TASK BRIEF: Would you copy each line of the records that includes the word "with"?

EXTRACTED DATA:
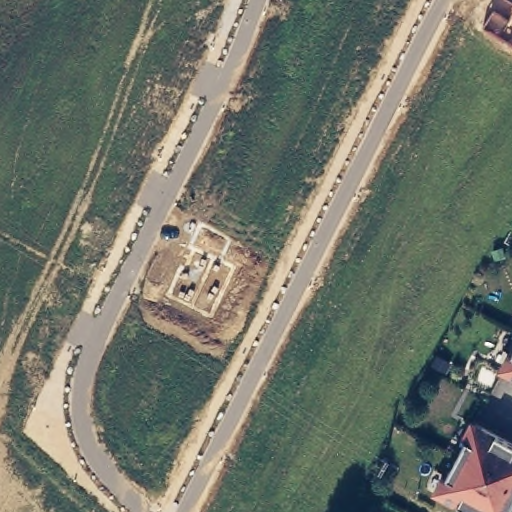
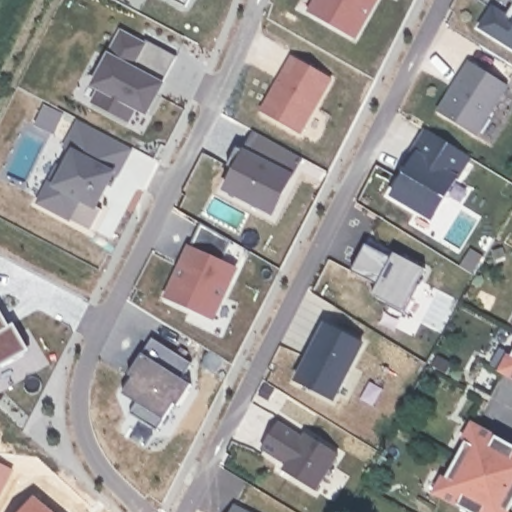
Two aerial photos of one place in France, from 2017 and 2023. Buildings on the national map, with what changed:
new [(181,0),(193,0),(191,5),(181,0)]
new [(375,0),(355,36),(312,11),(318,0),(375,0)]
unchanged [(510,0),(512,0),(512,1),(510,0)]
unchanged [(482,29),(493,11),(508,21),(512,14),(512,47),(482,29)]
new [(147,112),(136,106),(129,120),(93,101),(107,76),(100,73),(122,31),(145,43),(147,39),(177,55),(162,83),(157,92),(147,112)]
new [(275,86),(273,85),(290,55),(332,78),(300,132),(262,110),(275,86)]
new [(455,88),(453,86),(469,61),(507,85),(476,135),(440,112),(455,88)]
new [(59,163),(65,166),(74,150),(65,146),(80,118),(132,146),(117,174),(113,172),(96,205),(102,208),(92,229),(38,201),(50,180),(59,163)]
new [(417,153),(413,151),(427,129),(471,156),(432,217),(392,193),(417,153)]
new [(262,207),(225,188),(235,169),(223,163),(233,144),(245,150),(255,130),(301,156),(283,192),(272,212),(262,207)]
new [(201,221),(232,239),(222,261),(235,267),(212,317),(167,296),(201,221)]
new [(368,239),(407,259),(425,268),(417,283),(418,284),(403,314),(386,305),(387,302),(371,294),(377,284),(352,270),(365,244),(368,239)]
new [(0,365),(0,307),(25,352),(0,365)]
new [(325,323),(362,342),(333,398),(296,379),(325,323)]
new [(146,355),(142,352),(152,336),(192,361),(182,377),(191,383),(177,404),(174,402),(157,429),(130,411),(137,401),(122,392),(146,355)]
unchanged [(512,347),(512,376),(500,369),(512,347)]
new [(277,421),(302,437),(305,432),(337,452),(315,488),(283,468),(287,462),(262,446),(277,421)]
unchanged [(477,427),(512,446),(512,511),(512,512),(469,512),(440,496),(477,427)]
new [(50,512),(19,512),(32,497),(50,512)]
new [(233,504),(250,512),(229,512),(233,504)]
==
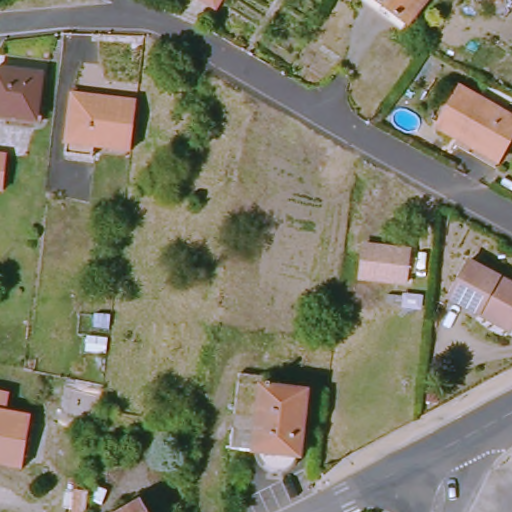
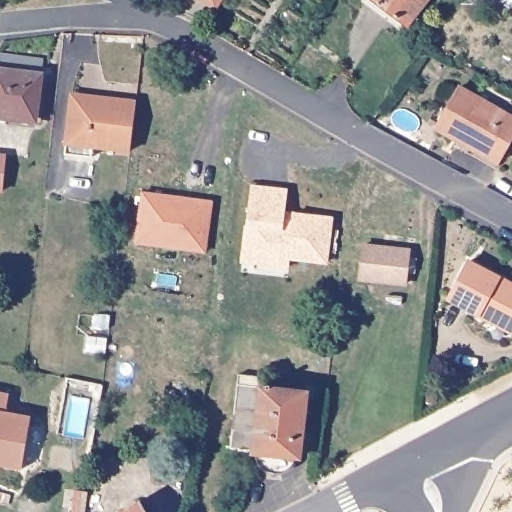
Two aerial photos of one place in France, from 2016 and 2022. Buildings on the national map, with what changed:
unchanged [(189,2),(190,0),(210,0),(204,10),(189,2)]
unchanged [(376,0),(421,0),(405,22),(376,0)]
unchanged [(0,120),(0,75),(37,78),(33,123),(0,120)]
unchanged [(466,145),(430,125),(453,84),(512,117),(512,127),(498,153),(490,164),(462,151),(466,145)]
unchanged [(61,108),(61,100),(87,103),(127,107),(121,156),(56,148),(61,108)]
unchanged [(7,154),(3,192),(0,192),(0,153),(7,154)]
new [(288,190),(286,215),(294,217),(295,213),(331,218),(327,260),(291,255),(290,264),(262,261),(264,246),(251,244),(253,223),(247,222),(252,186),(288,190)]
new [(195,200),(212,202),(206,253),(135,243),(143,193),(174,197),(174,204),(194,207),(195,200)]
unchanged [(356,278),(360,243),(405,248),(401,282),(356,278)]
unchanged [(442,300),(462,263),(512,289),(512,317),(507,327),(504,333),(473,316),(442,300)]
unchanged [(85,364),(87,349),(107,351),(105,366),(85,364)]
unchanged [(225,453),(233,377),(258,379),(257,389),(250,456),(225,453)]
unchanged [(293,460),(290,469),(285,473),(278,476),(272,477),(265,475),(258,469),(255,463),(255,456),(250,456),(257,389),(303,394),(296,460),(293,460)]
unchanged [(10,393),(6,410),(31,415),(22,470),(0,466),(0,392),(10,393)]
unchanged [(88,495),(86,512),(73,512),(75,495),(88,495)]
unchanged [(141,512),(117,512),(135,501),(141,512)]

FINISHED TASK:
Two aerial photos of one place in France, from 2017 and 2023. Buildings on the national map, with what changed:
Two aerial photos of one place in France, from 2016 and 2022. Buildings on the national map, with what changed:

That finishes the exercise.